4. Graphs in Artificial Intelligence
Knowledge graphs, known as semantic networks, have been used as a
representation for Artificial Intelligence since the early days of
the field. Over the years, semantic networks were evolved into
different representations such as conceptual graphs and description
logics. To capture uncertain knowledge, probabilistic graphical
models were invented.
Orthogonal to the representation of knowledge, a central challenge
in AI is knowledge acquisition bottleneck, ie, how to capture
knowledge into the chosen representation in an economically scalable
manner. Early approaches relied on knowledge engineering. Efforts
to automate portions of knowledge engineering led to techniques such
as inductive learning, and the current generation of machine
learning.
Therefore, it is natural that the knowledge graphs are being used
as a representation of choice for storing the knowledge automatically
learned. There is also an increasing interest to leverage domain
knowledge that is expressed in knowledge graphs to improve machine
learning.
4.1 Graphs as the output of Machine Learning
We will consider how graphs are being used as a target output representation for
natural language processing and computer vision algorithms.
Entity extraction and relation extraction from text are two
fundamental tasks in natural language processing. The extracted
information from multiple portions of the text needs be correlated,
and graphs provide a natural medium to accomplish such a goal. For
example, from the sentence shown on the left, we can extract the
entities Albert Einstein, Germany, Theoretical Physicist, and
Theory of Relativity; and the relations born in, occupation and
developed. Once this snippet of the graph is incorporated
into a larger graph, we get additional links (shown by dotted edges)
such as a Theoretical Physicist is a kind of Physicist
who practices Physics, and that Theory of Relativity is
a branch of Physics.
Albert Einstein was a German-born theoretical
physicist who developed the theory of relativity.
| |
|
|
A holy grail of computer vision is the complete understanding of an
image, that is, creating a model that can name and detect
objects, describe their attributes, and recognize their
relationships. Understanding scenes would enable important
applications such as image search, question answering, and robotic
interactions. Much progress has been made in recent years towards this
goal, including image classification and object detection.

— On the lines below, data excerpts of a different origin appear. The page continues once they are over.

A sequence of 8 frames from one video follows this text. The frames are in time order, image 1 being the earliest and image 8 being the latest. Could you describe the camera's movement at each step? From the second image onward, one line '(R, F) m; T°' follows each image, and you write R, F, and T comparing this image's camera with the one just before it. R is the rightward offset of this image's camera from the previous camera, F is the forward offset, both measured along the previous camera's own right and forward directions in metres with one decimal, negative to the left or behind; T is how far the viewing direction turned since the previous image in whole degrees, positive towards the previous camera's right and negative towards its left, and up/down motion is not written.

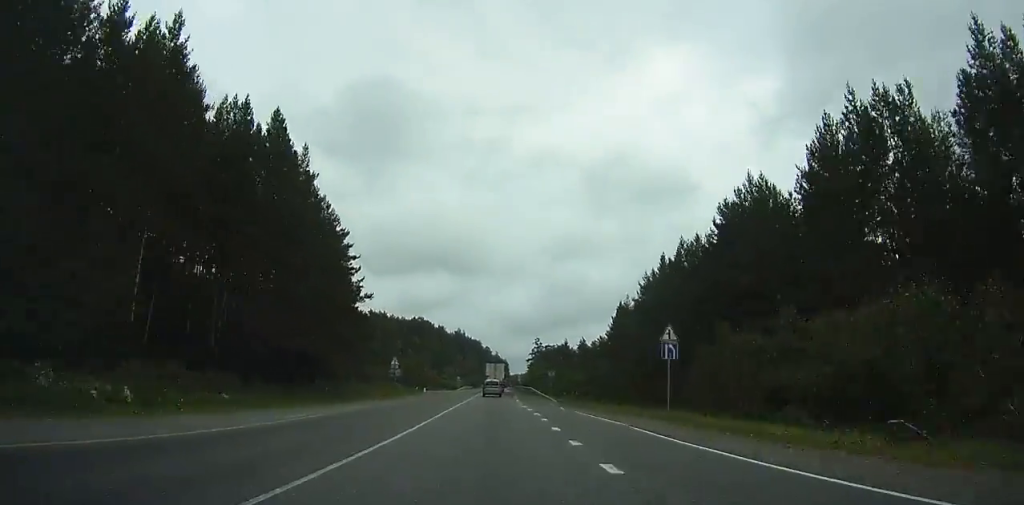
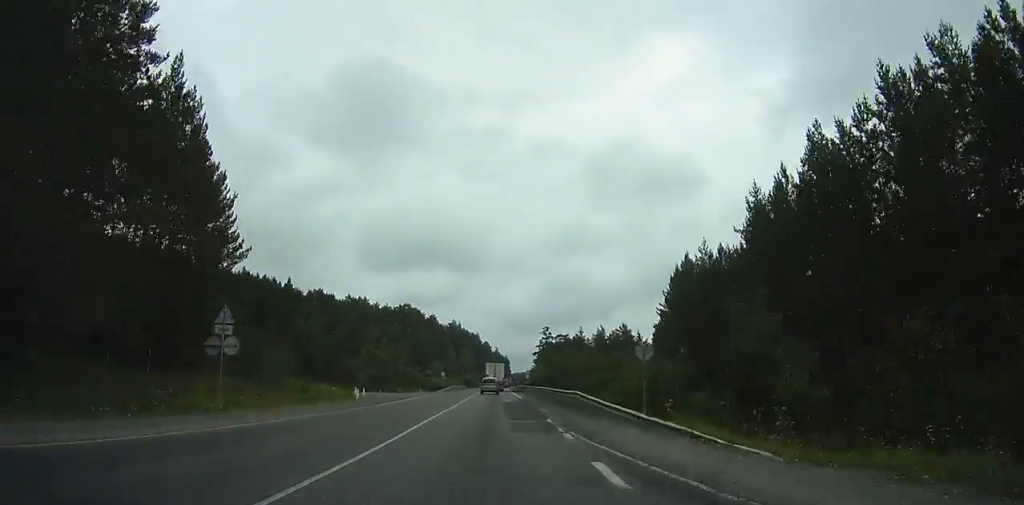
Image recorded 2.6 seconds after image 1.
(+0.1, +38.6) m; 0°
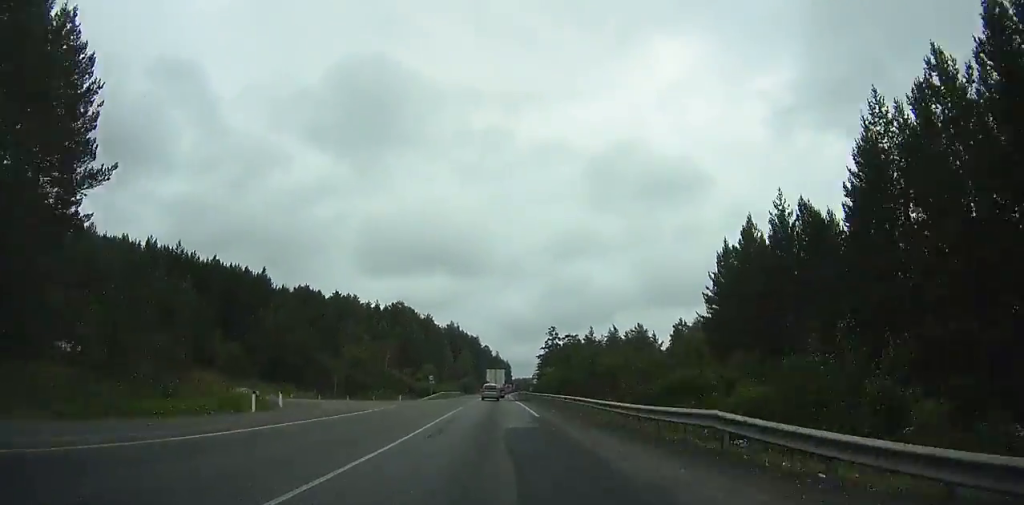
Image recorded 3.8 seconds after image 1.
(+0.1, +17.5) m; 0°
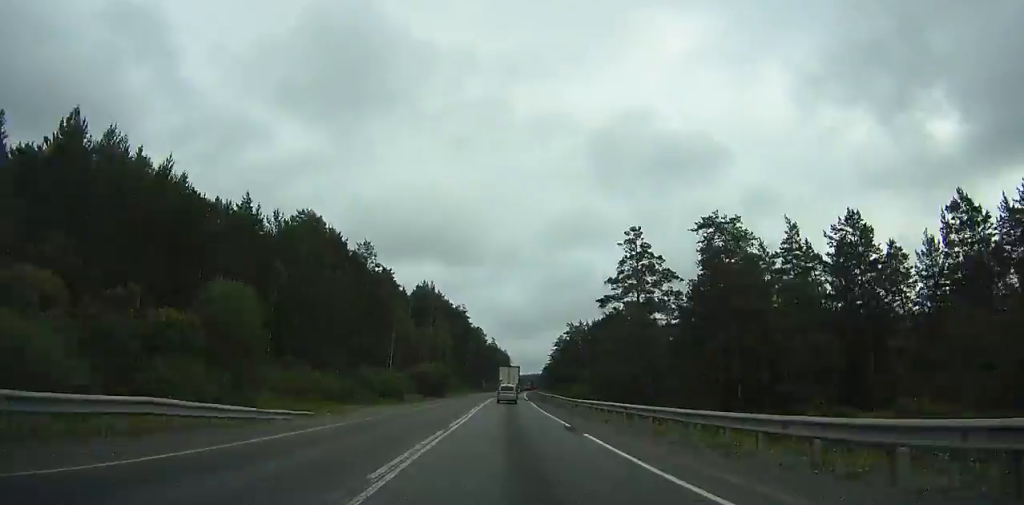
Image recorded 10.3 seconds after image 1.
(+0.3, +95.8) m; +1°
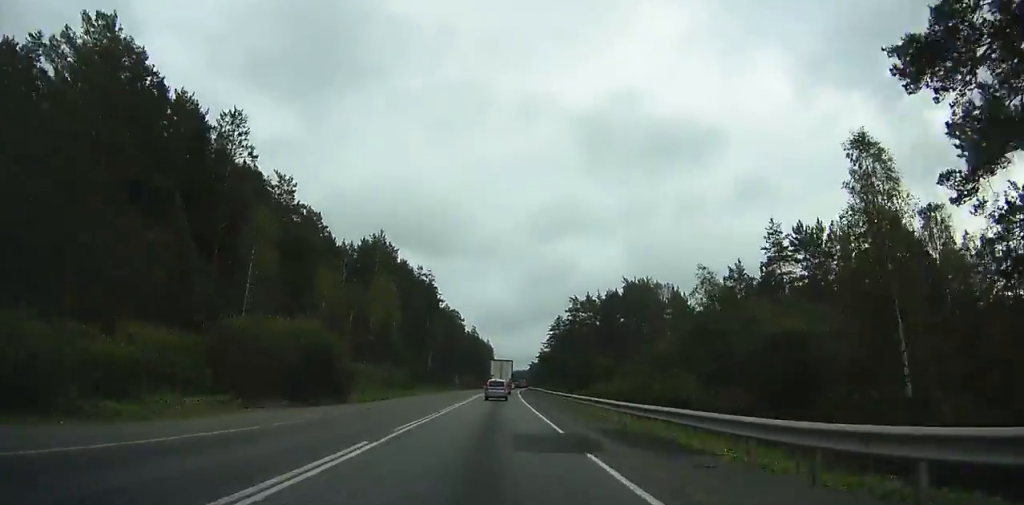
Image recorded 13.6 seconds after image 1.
(+0.1, +49.3) m; +1°
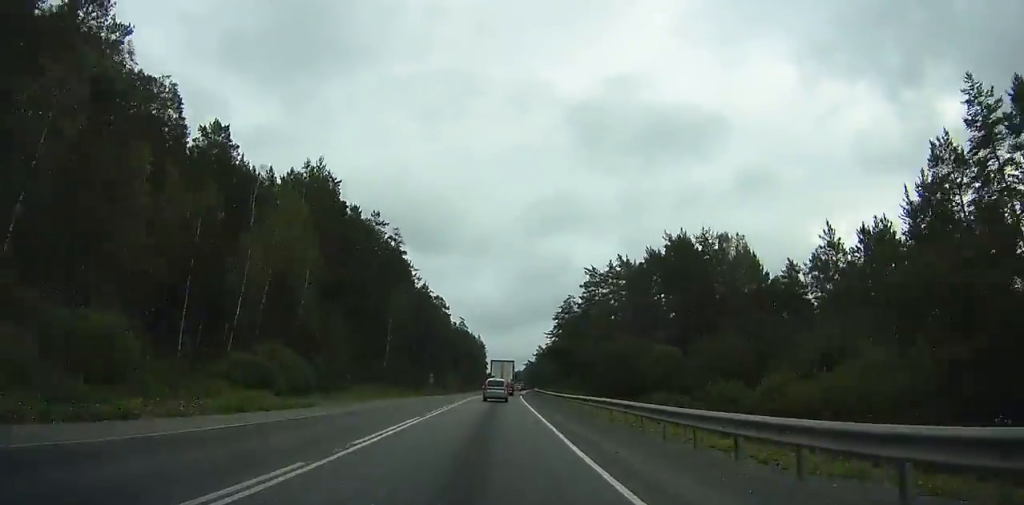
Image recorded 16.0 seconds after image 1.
(+0.3, +35.9) m; +1°
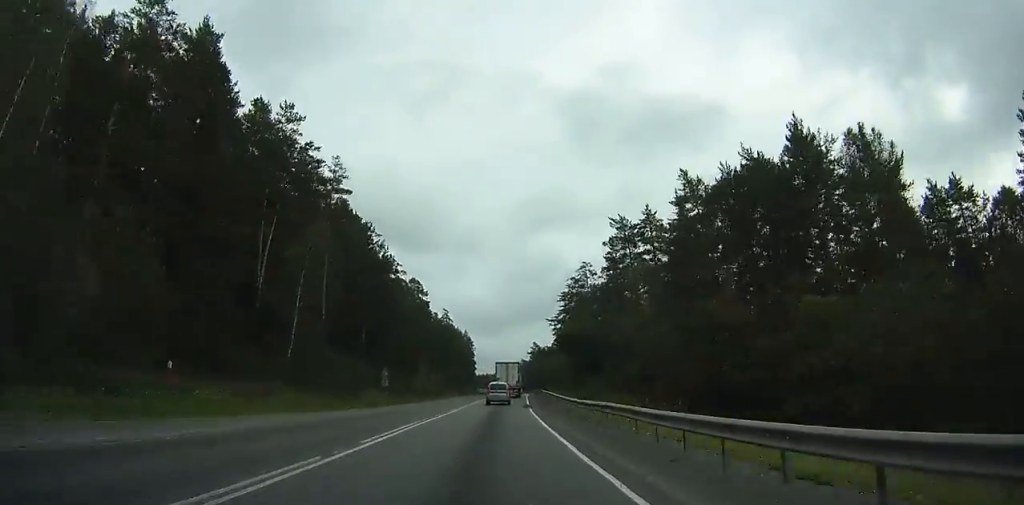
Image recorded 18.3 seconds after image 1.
(+0.2, +33.9) m; +1°
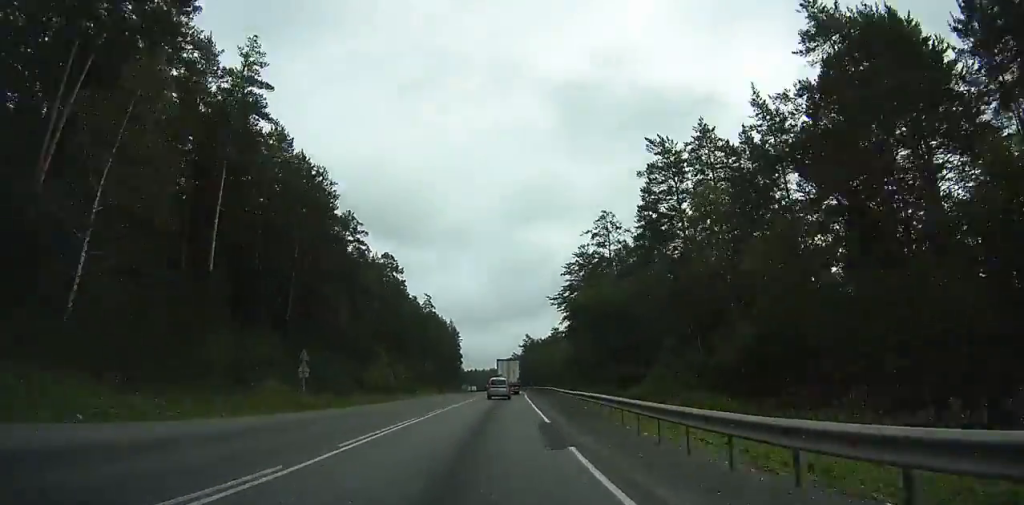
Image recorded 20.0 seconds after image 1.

For example, from the image shown above, an image understanding
system should produce a graph shown to the right. The nodes in the
graph are the outputs of an object detector. Current research in
computer vision focuses on developing techniques that can correctly
infer the relationships between the objects, such as,
man holding a bucket, and horse feeding from the bucket,
etc. The graph shown to the right is an example of a knowledge graph,
and conceptually, it like the data graphs that we introduced
earlier.
4.2 Graphs as input to Machine Learning
Popular deep machine learning models rely on a numerical input
which requires that any symbolic or discrete structures should first
be converted into a numerical representation. Embeddings that
transform a symbolic input into a vector of numbers have emerged as a
representation of choice for input to machine learning models. We
will explain this concept and its relationship to knowledge graphs
by taking the example of word embeddings and
graph embeddings.
Word embeddings were developed for calculating similarity
between words. To understand the word embeddings, we consider the
following set of sentences.
I like knowledge graphs. | |
I like databases. | |
I enjoy running. | |
In the above set of sentences, we will count how often a word appears
next to another word, and record the counts in a matrix shown
below. For example, the word I appears next to the
word like twice, and next to word enjoy once, and
therefore, its counts for these two words are 2 and 1 respectively,
and 0 for every other word. We can calculate the counts for other
words in a similar manner to fill out the table.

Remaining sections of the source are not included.